[YOUR TASK] Could you write out the records below exactly as they appear, leaving out any pictures?

----------------

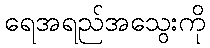
ရေအရည်အသွေးကို
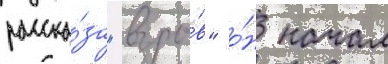
расска́за "взры́в" о́н начал
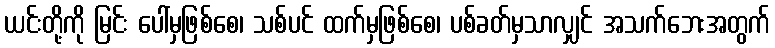
ယင်းတို့ကို မြင်း ပေါ်မှဖြစ်စေ၊ သစ်ပင် ထက်မှဖြစ်စေ၊ ပစ်ခတ်မှသာလျှင် အသက်ဘေးအတွက်
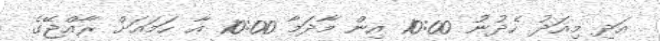
އަދި މިއަދު ހެދުނު 10:00 އިން މާދަމާ 10:00 އާ ހަމައަށް ރާއްޖޭގެ
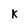
Character: k
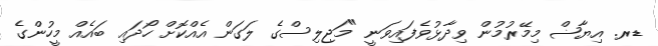
ޑރ. އިޔާޟް މިމޭރުމުން ވިދާޅުވެފައިވަނީ "މަޖިލިސްގެ ލަގަން އެއްކޮށް ހޯދައި ބައެއް މީހުންގެ
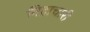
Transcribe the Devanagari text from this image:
निद्राचारी
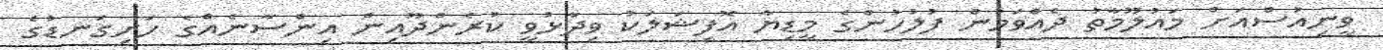
ވީނިއުސްއަށް މައުލޫމާތު ދެއްވަމުން ފުލުހުންގެ މީޑިޔާ އޮފިޝަލަކު ވިދާޅުވީ ކުރެންދޫއިން އިންސާނެއްގެ ހަށިގަނޑުގެ
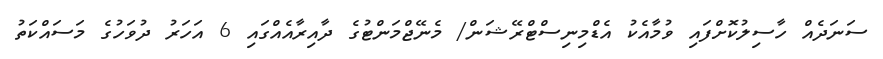
ސަނަދެއް ހާސިލުކޮށްފައި ވުމާއެކު އެޑްމިނިސްޓްރޭޝަން/ މެނޭޖްމަންޓުގެ ދާއިރާއެއްގައި 6 އަހަރު ދުވަހުގެ މަސައްކަތު
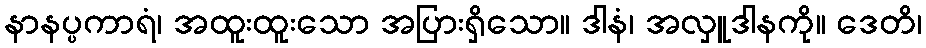
နာနပ္ပကာရံ၊ အထူးထူးသော အပြားရှိသော။ ဒါနံ၊ အလှူဒါနကို။ ဒေတိ၊
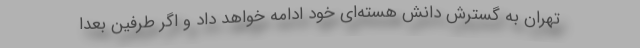
تهران به گسترش دانش هسته‌ای خود ادامه خواهد داد و اگر طرفین بعداً
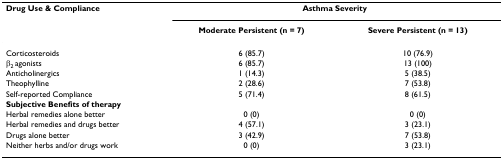
| Drug Use & Compliance | <COLSPAN=2> Asthma Severity |
 |  | Moderate Persistent (n = 7) | Severe Persistent (n = 13) |
 | --- | --- | --- |
 | Corticosteroids | 6 (85.7) | 10 (76.9) |
 | β2 agonists | 6 (85.7) | 13 (100) |
 | Anticholinergics | 1 (14.3) | 5 (38.5) |
 | Theophylline | 2 (28.6) | 7 (53.8) |
 | Self-reported Compliance | 5 (71.4) | 8 (61.5) |
 | Subjective Benefits of therapy |  |  |
 | Herbal remedies alone better | 0 (0) | 0 (0) |
 | Herbal remedies and drugs better | 4 (57.1) | 3 (23.1) |
 | Drugs alone better | 3 (42.9) | 7 (53.8) |
 | Neither herbs and/or drugs work | 0 (0) | 3 (23.1) |
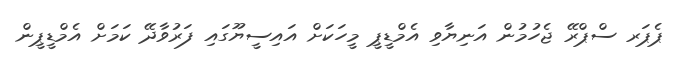
ޕެޕަރ ސްޕްރޭ ޖެހުމުން އަނިޔާވި އެމްޑީޕީ މީހަކަށް އައިސީޔޫގައި ފަރުވާދޭ ކަމަށް އެމްޑީޕީން
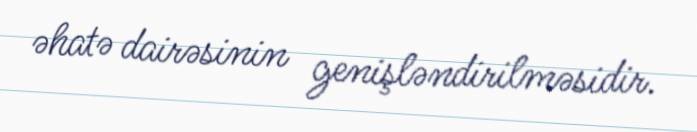
əhatə dairəsinin genişləndirilməsidir.
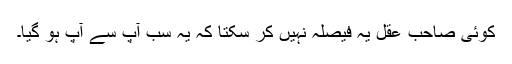
کوئی صاحبِ عقل یہ فیصلہ نہیں کر سکتا کہ یہ سب آپ سے آپ ہو گیا۔
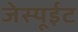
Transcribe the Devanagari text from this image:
जेस्यूईट
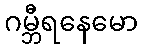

----------------

[REPLY]
ရေအရည်အသွေးကို
расска́за "взры́в" о́н начал
ယင်းတို့ကို မြင်း ပေါ်မှဖြစ်စေ၊ သစ်ပင် ထက်မှဖြစ်စေ၊ ပစ်ခတ်မှသာလျှင် အသက်ဘေးအတွက်
އަދި މިއަދު ހެދުނު 10:00 އިން މާދަމާ 10:00 އާ ހަމައަށް ރާއްޖޭގެ
Character: k
ޑރ. އިޔާޟް މިމޭރުމުން ވިދާޅުވެފައިވަނީ "މަޖިލިސްގެ ލަގަން އެއްކޮށް ހޯދައި ބައެއް މީހުންގެ
Transcribe the Devanagari text from this image:
निद्राचारी
ވީނިއުސްއަށް މައުލޫމާތު ދެއްވަމުން ފުލުހުންގެ މީޑިޔާ އޮފިޝަލަކު ވިދާޅުވީ ކުރެންދޫއިން އިންސާނެއްގެ ހަށިގަނޑުގެ
ސަނަދެއް ހާސިލުކޮށްފައި ވުމާއެކު އެޑްމިނިސްޓްރޭޝަން/ މެނޭޖްމަންޓުގެ ދާއިރާއެއްގައި 6 އަހަރު ދުވަހުގެ މަސައްކަތު
နာနပ္ပကာရံ၊ အထူးထူးသော အပြားရှိသော။ ဒါနံ၊ အလှူဒါနကို။ ဒေတိ၊
تهران به گسترش دانش هسته‌ای خود ادامه خواهد داد و اگر طرفین بعداً
| Drug Use & Compliance | <COLSPAN=2> Asthma Severity |
 |  | Moderate Persistent (n = 7) | Severe Persistent (n = 13) |
 | --- | --- | --- |
 | Corticosteroids | 6 (85.7) | 10 (76.9) |
 | β2 agonists | 6 (85.7) | 13 (100) |
 | Anticholinergics | 1 (14.3) | 5 (38.5) |
 | Theophylline | 2 (28.6) | 7 (53.8) |
 | Self-reported Compliance | 5 (71.4) | 8 (61.5) |
 | Subjective Benefits of therapy |  |  |
 | Herbal remedies alone better | 0 (0) | 0 (0) |
 | Herbal remedies and drugs better | 4 (57.1) | 3 (23.1) |
 | Drugs alone better | 3 (42.9) | 7 (53.8) |
 | Neither herbs and/or drugs work | 0 (0) | 3 (23.1) |
ޕެޕަރ ސްޕްރޭ ޖެހުމުން އަނިޔާވި އެމްޑީޕީ މީހަކަށް އައިސީޔޫގައި ފަރުވާދޭ ކަމަށް އެމްޑީޕީން
əhatə dairəsinin genişləndirilməsidir.
کوئی صاحبِ عقل یہ فیصلہ نہیں کر سکتا کہ یہ سب آپ سے آپ ہو گیا۔
Transcribe the Devanagari text from this image:
जेस्यूईट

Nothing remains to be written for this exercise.